How Should Religion Be Taught?
A recent book celebrates the ideas and career of Prof. Steve Wasserstrom.
It is rare for professors at small liberal arts colleges to have the sort of impact on their fields that Prof. Steve Wasserstrom [religion 1987–] has had on the study of religion. One reason for this is that faculty at small liberal arts colleges proudly put teaching before research—and in this particular, Wasserstrom is no exception.
But he has also published two field-changing books. In 1995 Between Muslim and Jew won a top honor from the world’s largest association of religion scholars—the Award for Excellence in Historical Studies from the American Academy of Religious Studies (AAR); and it has been recently reissued in the Princeton Legacy Library of Princeton University Press. He soon followed with another book that also changed the discipline, Religion after Religion: Gershom Scholem, Mircea Eliade, and Henry Corbin at Eranos (1999). So momentous was his book that the same year a panel at the 1999 AAR annual meeting was devoted to it and its implications for the study of religion.
“There seems to be an inverse relationship between the importance of religion in the world and the ability of the academy to talk about it,” notes colleague Prof. Kambiz GhaneaBassiri [religion 2002–]. “This was where Steve’s ideas came in and proved groundbreakingly useful.
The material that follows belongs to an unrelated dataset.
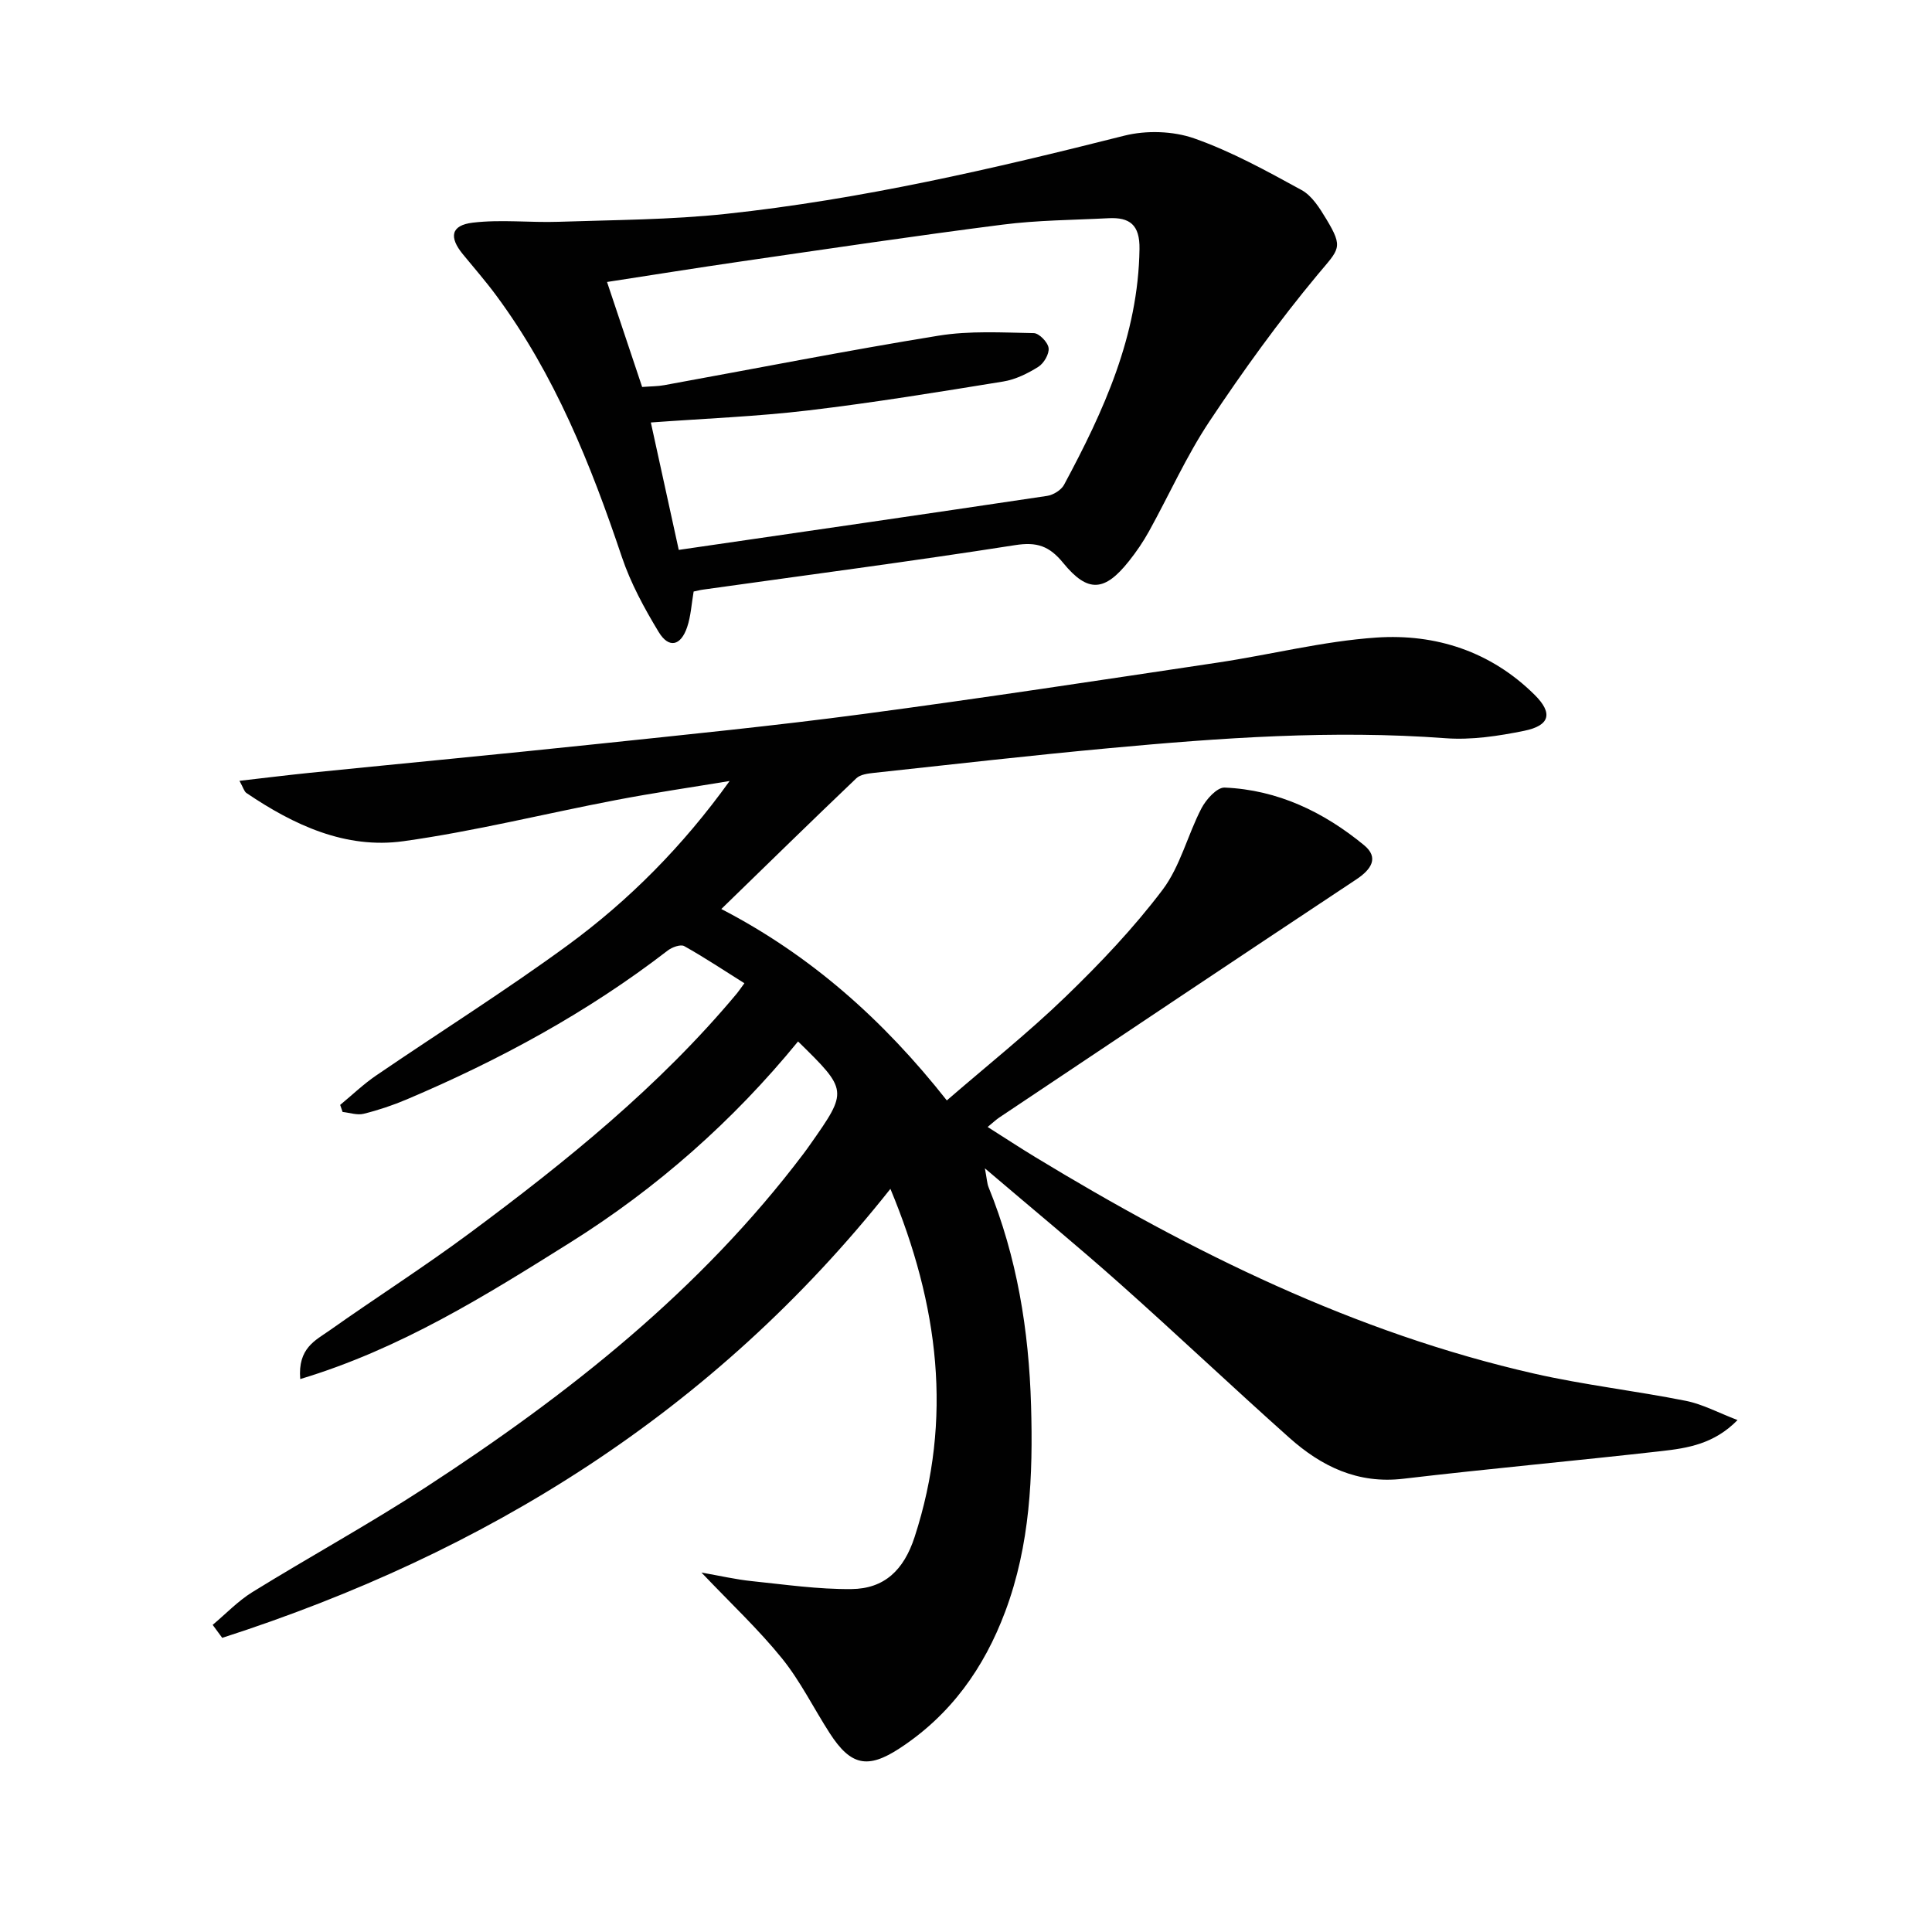 <svg enable-background="new 0 0 400 400" viewBox="0 0 400 400" xmlns="http://www.w3.org/2000/svg"><g fill="#010101"><path d="m44.03 336.41c2.74-2.29 5.25-4.95 8.25-6.8 11.89-7.34 24.16-14.06 35.86-21.68 29.45-19.16 56.83-40.75 78.22-69.07.5-.66.98-1.34 1.46-2.02 7.74-11.01 7.73-11.11-2.59-21.22-13.45 16.46-29.23 30.38-47.17 41.63-17.54 11-35.17 22.03-55.9 28.27-.54-6.42 3.19-8.03 6.02-10.03 9.64-6.82 19.61-13.17 29.09-20.21 19.95-14.8 39.25-30.38 55.28-49.58.32-.38.59-.8 1.57-2.13-4.18-2.62-8.22-5.32-12.46-7.69-.75-.42-2.53.23-3.42.92-16.58 12.79-34.81 22.67-54.03 30.82-2.88 1.22-5.89 2.23-8.93 2.98-1.34.33-2.89-.23-4.35-.38-.17-.49-.33-.97-.5-1.46 2.48-2.05 4.82-4.3 7.46-6.1 13.19-9 26.73-17.51 39.61-26.93 12.77-9.35 23.9-20.58 33.56-34.03-7.86 1.3-15.75 2.45-23.57 3.95-14.66 2.8-29.19 6.45-43.95 8.51-11.98 1.67-22.7-3.33-32.52-9.98-.47-.32-.64-1.08-1.44-2.52 5.24-.6 9.91-1.18 14.59-1.66 19.84-2 39.68-3.88 59.51-5.97 18.33-1.93 36.69-3.76 54.96-6.19 24.51-3.26 48.96-6.99 73.42-10.65 10.99-1.64 21.88-4.44 32.91-5.19 12.28-.83 23.7 2.88 32.75 11.85 3.84 3.8 3.2 6.37-2.17 7.46-5.32 1.08-10.91 1.93-16.28 1.53-23.34-1.74-46.54-.08-69.73 2.07-16.21 1.5-32.39 3.35-48.58 5.1-1.26.14-2.83.33-3.66 1.12-9.24 8.81-18.37 17.75-27.96 27.07 18.49 9.58 33.54 22.95 46.69 39.63 8.41-7.28 16.86-14 24.59-21.47 7.16-6.92 14.1-14.22 20.08-22.14 3.67-4.87 5.17-11.33 8.05-16.87.96-1.84 3.22-4.36 4.8-4.29 10.98.46 20.53 5.06 28.87 11.93 3.12 2.57 1.51 5.01-1.61 7.08-24.69 16.36-49.29 32.84-73.92 49.3-.66.44-1.24 1-2.41 1.96 3.56 2.25 6.69 4.31 9.9 6.26 32.38 19.66 66.08 36.35 103.29 44.81 10.35 2.35 20.95 3.55 31.37 5.63 3.47.69 6.72 2.46 10.7 3.98-4.86 4.96-10.34 5.81-15.71 6.42-17.82 2.02-35.69 3.63-53.5 5.73-9.43 1.11-16.94-2.56-23.58-8.48-11.8-10.52-23.28-21.4-35.09-31.91-8.81-7.84-17.92-15.33-27.95-23.88.43 2.26.45 3.14.76 3.9 5.89 14.5 8.35 29.62 8.8 45.21.42 14.53-.18 28.86-5.35 42.66-4.38 11.7-11.31 21.42-21.89 28.33-6.57 4.29-10.08 3.59-14.41-3.1-3.34-5.16-6.08-10.79-9.92-15.54-4.86-6.01-10.57-11.35-16.67-17.77 3.88.68 7.1 1.43 10.37 1.77 6.89.71 13.8 1.72 20.69 1.65 6.79-.07 10.83-3.9 13.07-10.78 7.97-24.51 4.99-48.04-5.01-72.08-36.65 46.24-83.75 75.36-138.34 92.96-.66-.92-1.32-1.81-1.98-2.69z"/><path d="m143.61 122.47c-.44 2.55-.57 5.07-1.34 7.36-1.32 3.92-3.8 4.47-5.89 1.03-2.99-4.93-5.81-10.13-7.64-15.57-6.43-19.14-13.88-37.73-25.99-54.1-2.17-2.94-4.58-5.7-6.9-8.53-2.94-3.57-2.5-6.02 2.03-6.56 5.85-.7 11.84.02 17.77-.18 11.57-.39 23.19-.41 34.68-1.64 27.92-2.99 55.22-9.31 82.41-16.18 4.55-1.15 10.1-.99 14.5.55 7.72 2.71 15.02 6.75 22.24 10.7 2.16 1.18 3.75 3.75 5.1 5.98 3.66 6.06 2.67 6.19-1.79 11.55-8.04 9.66-15.44 19.92-22.41 30.4-4.76 7.16-8.3 15.14-12.48 22.7-1.2 2.17-2.62 4.26-4.17 6.2-5 6.3-8.49 6.63-13.59.39-2.89-3.54-5.45-4.42-10.01-3.7-21.47 3.36-43.03 6.18-64.55 9.2-.63.08-1.25.25-1.97.4zm-10.66-42.35c1.91-.15 3.25-.13 4.54-.37 18.93-3.44 37.82-7.17 56.81-10.25 6.44-1.05 13.15-.65 19.73-.53 1.11.02 2.92 1.89 3.07 3.08.16 1.23-.98 3.18-2.13 3.9-2.2 1.38-4.73 2.63-7.27 3.04-13.42 2.18-26.85 4.38-40.34 5.98-10.68 1.27-21.46 1.68-32.61 2.5 1.97 8.98 3.86 17.63 5.78 26.38 25.75-3.75 51.01-7.4 76.26-11.18 1.28-.19 2.92-1.2 3.51-2.3 8.22-15.29 15.36-30.91 15.62-48.82.08-5.02-2.03-6.6-6.45-6.37-7.31.38-14.66.4-21.9 1.33-18.1 2.31-36.15 5.01-54.21 7.63-9.1 1.32-18.18 2.78-27.68 4.24 2.55 7.58 4.85 14.49 7.27 21.74z"/></g></svg>

Religion, Steve suggests, is not sui generis but rather it’s a distinctive medium for people to talk to and relate to one another as well as their pasts.”
To celebrate Wasserstrom’s extraordinary career and mark his 30th anniversary at Reed, 13 of his former students as well as religion scholars from around the world convened a conference and contributed essays to a festschrift, All Religion Is Inter-religion: Engaging the Work of Steve Wasserstrom, edited by Kambiz GhaneaBassiri and Paul Robertson ’06. “When Steve’s former students gathered to honor him, they did so by critically engaging his ideas rather than idolizing him or remarking on his charisma,” Kambiz notes in his introduction.
The festschrift begins with an essay Steve once casually shared with GhaneaBassiri when they were preparing to coteach a course called “Theories and Methods in the Study of Religion.” He thought it would be useful in bringing GhaneaBassiri up to speed on his teaching philosophy. GhaneaBassiri was blown away; he knew that Wasserstrom wrote and researched for his own ends, but he couldn’t believe such a superb essay was languishing unpublished. “The number of these unpublished manuscripts on Steve’s shelves and hard drive is mind-boggling,” he says. He began to think of what might be done with the piece.
The essay, “Nine Theses on the Study of Religion,” puts forth the idea that all religion is inter-religion, meaning religion is always relational. There are no clear boundaries between religions. That is why the term religion is useful. It captures as the scholar’s object of study the ways specific religious traditions have historically developed in relation to one another. Embedded in the concept of religion are specific religions, such as Judaism, Buddhism, or Islam. It is plural, never singular, which is not the same thing as saying there are many different kinds of, say, Christianity or Buddhism. Rather, Wasserstrom observes that systems of belief do not exist in and of themselves, in isolated categories. They exist among people. Given this, he reconsiders religion as faith and posits that the role and responsibility of religion scholarship is to make sense
of the complex relations humans have maintained—both past and present—by appealing to the gods.
The conference given in Wasserstrom’s honor was organized around this provocation, and the festschrift follows suit. The idea that “all religion is inter-religion” forms the connecting thread and thesis of the essays, and each writer explores Wasserstrom’s theories through the lens of their own subfield and expertise.
To close the conference, Wasserstrom delivered a private talk to his current and former students and colleagues titled “Nine Riddles,” which the festschrift also includes as an epilogue. While “Nine Theses” argues for how religion should be taught, the riddles are a check on scholarly certainty. How could anyone ever know how religion ought to be studied? Nonetheless, he encourages his colleagues to continue the work. He says, “In so doing if you are very, very lucky (as I have been), you can make your students your teachers.”